### Work item:
Take every line containing "Слой" out of the records.

### Supplied data:
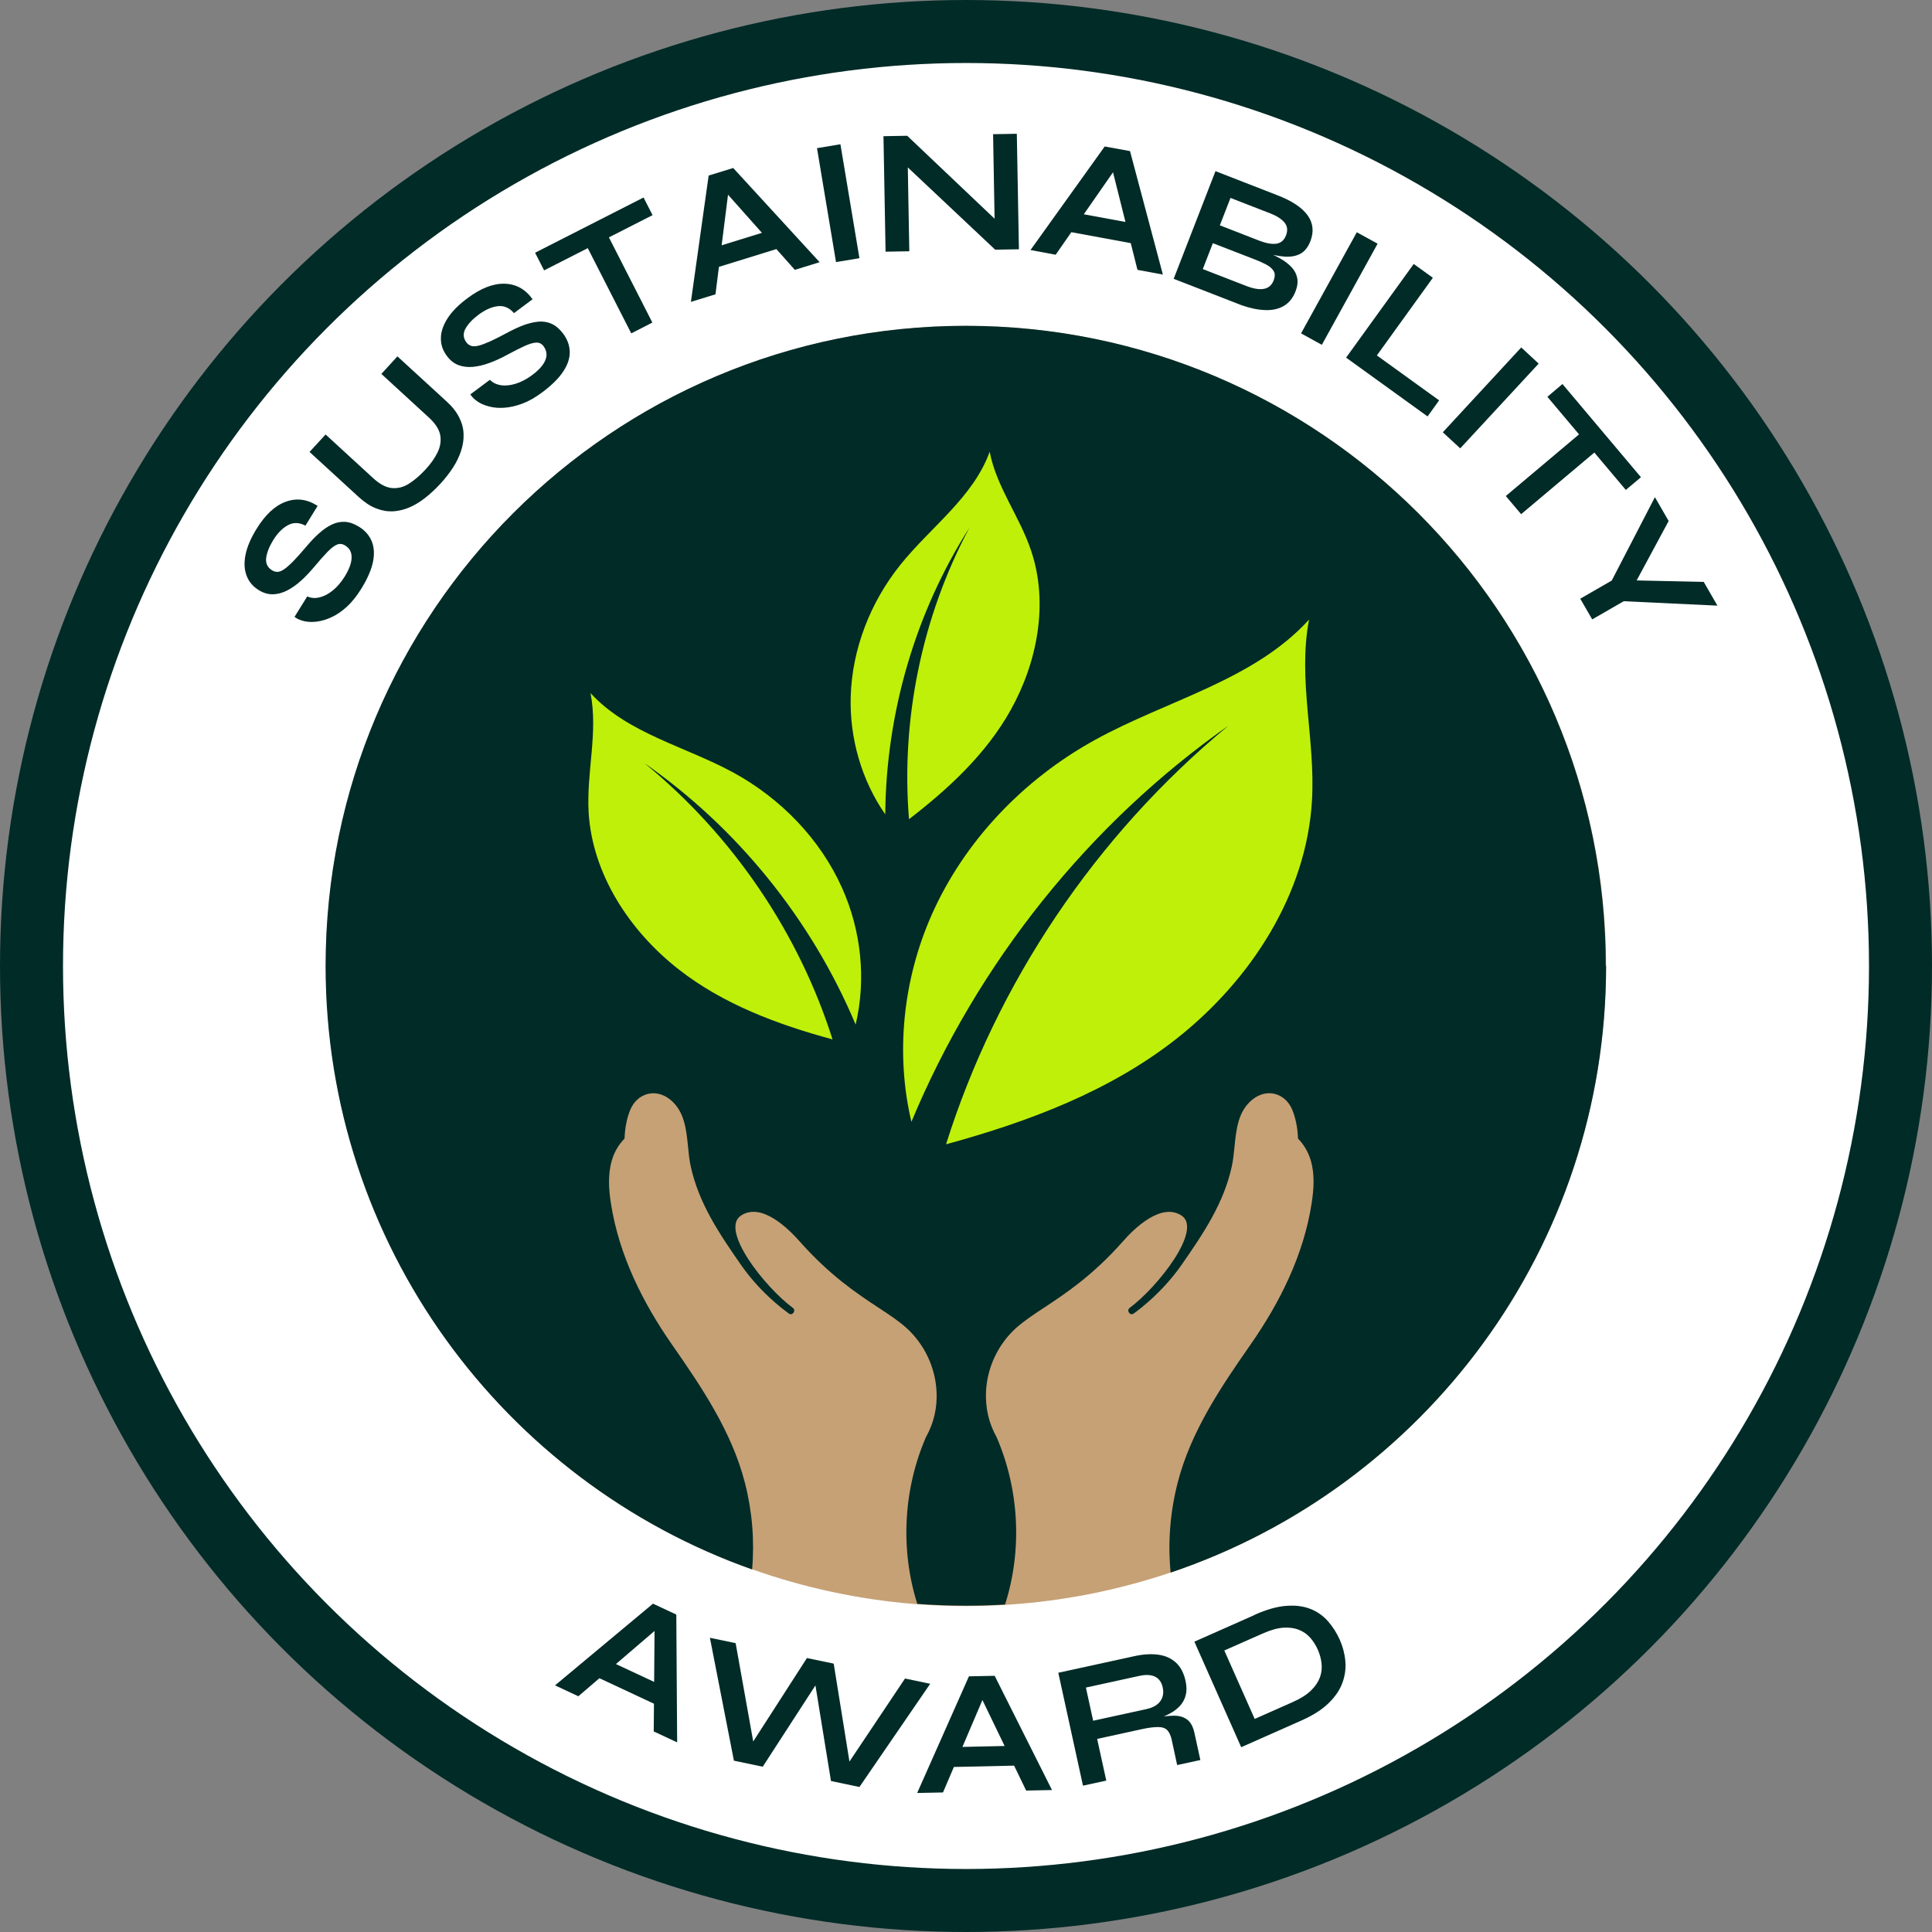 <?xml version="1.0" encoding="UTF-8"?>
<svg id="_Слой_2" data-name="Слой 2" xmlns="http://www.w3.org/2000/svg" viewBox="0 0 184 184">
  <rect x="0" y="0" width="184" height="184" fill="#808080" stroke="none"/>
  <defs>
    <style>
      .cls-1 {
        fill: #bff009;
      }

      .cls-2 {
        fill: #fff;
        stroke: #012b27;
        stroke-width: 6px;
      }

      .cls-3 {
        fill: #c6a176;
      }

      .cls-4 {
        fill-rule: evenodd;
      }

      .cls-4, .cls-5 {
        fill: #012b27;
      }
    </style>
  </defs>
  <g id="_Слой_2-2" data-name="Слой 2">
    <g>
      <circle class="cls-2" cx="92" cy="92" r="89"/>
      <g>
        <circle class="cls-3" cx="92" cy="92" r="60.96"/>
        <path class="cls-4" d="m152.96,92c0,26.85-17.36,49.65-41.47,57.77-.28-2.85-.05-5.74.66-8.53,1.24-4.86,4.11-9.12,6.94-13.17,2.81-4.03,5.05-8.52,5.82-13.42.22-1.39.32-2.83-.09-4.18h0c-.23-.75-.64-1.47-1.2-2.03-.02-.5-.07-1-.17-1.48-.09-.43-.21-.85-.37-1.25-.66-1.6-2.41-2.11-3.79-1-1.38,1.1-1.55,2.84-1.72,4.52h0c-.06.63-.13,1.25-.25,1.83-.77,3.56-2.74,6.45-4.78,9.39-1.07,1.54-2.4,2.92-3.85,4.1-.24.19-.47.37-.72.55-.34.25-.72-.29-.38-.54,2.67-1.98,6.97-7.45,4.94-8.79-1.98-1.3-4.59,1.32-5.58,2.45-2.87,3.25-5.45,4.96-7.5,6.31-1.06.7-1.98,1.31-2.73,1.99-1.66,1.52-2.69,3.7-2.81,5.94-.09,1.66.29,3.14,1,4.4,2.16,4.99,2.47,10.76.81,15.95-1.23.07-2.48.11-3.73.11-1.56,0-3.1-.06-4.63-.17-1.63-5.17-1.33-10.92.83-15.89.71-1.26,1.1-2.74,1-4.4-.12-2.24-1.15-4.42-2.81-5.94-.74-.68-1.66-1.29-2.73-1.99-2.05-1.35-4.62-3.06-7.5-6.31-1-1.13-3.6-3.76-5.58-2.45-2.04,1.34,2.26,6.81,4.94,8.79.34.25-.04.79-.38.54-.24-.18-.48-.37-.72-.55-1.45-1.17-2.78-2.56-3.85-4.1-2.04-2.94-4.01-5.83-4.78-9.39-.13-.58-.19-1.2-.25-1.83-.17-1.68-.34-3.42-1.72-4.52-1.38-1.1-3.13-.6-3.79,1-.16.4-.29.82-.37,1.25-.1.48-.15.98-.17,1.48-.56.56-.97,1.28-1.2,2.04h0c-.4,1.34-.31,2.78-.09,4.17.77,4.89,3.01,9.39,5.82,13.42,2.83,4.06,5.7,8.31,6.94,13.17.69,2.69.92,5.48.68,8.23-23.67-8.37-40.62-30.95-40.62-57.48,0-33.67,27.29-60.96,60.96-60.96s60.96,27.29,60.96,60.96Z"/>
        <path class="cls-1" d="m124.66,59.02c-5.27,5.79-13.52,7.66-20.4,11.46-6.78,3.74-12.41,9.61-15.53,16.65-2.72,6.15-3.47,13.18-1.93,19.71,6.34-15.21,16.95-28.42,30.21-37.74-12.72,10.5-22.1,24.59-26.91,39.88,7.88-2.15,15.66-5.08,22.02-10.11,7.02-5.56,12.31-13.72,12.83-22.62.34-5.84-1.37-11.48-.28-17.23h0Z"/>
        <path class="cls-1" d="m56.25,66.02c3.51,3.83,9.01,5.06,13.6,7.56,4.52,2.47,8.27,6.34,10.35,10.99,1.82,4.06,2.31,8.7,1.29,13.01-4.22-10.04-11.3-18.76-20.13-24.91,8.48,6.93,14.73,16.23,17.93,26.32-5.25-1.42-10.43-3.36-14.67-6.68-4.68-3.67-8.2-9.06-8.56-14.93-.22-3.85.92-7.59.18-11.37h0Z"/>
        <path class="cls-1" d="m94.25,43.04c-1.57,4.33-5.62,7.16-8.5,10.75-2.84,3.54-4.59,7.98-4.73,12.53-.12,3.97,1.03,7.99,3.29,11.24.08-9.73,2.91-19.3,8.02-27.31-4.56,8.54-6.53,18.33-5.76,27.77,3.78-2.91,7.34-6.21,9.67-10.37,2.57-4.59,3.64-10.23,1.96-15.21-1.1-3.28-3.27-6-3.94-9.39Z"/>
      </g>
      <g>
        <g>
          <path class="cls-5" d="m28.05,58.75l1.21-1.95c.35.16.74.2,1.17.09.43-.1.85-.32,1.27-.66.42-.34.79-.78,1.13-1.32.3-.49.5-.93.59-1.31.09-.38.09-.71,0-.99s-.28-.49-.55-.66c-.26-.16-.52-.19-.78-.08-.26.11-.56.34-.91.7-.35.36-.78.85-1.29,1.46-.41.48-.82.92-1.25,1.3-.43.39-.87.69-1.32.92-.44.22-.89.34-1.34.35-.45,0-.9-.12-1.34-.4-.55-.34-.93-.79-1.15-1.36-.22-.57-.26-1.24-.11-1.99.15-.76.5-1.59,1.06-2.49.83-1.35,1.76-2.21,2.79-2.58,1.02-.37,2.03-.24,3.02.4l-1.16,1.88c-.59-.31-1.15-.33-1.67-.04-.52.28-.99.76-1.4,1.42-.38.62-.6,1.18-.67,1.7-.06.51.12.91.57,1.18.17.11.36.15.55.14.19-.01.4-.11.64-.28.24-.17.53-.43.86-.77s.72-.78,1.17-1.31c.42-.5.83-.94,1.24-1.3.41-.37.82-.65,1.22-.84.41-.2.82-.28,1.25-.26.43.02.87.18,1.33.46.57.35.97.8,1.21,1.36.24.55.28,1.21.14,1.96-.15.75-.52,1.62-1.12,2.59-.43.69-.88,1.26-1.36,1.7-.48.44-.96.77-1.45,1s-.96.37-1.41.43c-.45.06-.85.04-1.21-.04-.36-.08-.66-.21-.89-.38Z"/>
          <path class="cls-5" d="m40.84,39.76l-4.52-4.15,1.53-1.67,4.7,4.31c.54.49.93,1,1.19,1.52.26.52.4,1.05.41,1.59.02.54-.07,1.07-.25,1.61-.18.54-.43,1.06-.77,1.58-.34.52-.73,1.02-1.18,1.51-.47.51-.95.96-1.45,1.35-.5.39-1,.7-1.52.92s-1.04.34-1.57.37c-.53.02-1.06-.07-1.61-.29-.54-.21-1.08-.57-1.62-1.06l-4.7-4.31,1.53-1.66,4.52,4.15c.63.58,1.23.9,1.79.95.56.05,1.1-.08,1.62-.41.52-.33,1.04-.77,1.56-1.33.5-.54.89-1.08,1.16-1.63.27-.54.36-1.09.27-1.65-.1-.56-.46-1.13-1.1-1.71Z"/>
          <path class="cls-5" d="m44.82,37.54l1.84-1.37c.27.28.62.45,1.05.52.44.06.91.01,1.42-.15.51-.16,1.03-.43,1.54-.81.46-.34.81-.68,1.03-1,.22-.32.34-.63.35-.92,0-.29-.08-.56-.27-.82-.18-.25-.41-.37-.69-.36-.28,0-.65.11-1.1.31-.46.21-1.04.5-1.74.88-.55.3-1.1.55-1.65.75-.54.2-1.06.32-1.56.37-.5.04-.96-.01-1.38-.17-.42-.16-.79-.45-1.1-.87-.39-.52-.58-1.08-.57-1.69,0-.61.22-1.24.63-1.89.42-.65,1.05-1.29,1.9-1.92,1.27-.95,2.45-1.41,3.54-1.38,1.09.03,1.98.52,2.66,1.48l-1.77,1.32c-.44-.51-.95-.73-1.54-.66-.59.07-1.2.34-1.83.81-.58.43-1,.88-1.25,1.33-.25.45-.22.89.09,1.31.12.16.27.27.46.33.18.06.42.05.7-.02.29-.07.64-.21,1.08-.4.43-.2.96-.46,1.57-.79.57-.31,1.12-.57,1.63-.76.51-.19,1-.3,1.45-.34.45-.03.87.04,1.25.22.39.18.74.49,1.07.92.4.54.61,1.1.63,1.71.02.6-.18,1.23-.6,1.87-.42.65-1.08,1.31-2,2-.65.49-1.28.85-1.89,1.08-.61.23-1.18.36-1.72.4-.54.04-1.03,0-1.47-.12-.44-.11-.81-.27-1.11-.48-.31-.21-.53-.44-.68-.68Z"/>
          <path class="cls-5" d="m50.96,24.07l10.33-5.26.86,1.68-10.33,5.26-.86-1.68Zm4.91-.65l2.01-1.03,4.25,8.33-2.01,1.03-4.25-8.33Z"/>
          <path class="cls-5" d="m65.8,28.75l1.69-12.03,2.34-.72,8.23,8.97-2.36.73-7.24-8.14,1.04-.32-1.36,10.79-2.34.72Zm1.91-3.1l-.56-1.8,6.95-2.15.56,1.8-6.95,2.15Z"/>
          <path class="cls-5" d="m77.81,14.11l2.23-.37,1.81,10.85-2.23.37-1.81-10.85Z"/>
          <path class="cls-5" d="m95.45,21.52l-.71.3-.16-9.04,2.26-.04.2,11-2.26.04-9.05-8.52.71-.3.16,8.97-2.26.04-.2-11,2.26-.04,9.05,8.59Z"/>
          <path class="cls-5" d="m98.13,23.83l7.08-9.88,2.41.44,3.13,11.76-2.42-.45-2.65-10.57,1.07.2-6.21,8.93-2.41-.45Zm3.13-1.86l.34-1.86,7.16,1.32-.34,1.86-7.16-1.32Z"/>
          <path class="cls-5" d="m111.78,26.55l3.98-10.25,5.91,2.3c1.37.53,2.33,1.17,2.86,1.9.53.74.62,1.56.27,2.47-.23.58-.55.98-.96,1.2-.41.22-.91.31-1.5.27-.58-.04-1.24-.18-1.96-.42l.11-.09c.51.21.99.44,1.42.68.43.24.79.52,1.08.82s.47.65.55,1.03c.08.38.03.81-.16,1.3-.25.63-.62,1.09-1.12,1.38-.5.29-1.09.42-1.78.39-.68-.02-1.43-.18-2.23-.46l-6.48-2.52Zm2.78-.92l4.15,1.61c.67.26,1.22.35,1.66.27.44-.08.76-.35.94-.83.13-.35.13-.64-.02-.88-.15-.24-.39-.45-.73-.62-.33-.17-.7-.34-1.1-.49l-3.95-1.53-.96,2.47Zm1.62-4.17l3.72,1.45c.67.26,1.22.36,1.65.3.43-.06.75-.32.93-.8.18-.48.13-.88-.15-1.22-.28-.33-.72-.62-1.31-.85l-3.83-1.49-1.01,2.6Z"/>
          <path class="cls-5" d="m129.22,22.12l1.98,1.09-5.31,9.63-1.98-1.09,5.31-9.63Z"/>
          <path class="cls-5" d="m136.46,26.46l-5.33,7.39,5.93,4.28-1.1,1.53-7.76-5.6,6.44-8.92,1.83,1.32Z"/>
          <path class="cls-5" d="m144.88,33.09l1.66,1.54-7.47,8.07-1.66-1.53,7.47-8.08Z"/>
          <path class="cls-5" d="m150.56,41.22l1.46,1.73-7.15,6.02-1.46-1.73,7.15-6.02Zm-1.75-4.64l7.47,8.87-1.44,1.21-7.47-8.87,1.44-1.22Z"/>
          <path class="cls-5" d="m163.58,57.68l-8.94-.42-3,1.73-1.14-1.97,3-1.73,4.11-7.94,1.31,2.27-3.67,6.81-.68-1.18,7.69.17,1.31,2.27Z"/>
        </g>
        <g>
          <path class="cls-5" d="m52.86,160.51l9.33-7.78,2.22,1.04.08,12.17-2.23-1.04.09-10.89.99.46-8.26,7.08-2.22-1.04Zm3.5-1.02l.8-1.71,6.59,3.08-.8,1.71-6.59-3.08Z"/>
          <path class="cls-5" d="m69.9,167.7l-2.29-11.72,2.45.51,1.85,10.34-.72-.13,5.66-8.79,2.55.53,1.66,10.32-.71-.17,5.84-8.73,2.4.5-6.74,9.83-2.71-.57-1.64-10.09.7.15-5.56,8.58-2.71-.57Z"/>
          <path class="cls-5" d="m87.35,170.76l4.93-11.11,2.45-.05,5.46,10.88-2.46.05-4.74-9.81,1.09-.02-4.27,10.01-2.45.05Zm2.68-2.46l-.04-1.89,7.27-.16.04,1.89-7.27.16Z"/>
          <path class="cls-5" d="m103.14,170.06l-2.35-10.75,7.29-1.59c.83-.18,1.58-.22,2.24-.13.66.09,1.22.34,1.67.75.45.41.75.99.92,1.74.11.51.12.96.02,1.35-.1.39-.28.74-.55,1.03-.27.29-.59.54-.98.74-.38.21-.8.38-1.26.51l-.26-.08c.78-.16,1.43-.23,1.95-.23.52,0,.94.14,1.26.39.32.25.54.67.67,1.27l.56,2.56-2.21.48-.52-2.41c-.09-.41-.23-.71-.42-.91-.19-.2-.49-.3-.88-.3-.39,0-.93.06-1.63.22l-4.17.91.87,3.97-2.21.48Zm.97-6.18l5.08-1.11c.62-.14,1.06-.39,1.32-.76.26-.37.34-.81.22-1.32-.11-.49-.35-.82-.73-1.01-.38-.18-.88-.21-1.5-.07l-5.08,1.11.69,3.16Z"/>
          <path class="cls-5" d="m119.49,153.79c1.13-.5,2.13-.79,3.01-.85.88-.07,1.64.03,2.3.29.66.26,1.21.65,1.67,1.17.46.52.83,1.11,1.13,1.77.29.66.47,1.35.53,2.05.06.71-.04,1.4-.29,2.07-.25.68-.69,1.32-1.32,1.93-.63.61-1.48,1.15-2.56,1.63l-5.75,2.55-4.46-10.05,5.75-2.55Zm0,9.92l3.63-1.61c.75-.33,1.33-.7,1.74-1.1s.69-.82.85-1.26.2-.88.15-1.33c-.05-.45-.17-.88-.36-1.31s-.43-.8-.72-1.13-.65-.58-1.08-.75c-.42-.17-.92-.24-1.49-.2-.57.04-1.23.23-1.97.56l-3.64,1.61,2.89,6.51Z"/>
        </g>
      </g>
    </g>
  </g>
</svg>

### Response below:
<svg id="_Слой_2" data-name="Слой 2" xmlns="http://www.w3.org/2000/svg" viewBox="0 0 184 184">
  <g id="_Слой_2-2" data-name="Слой 2">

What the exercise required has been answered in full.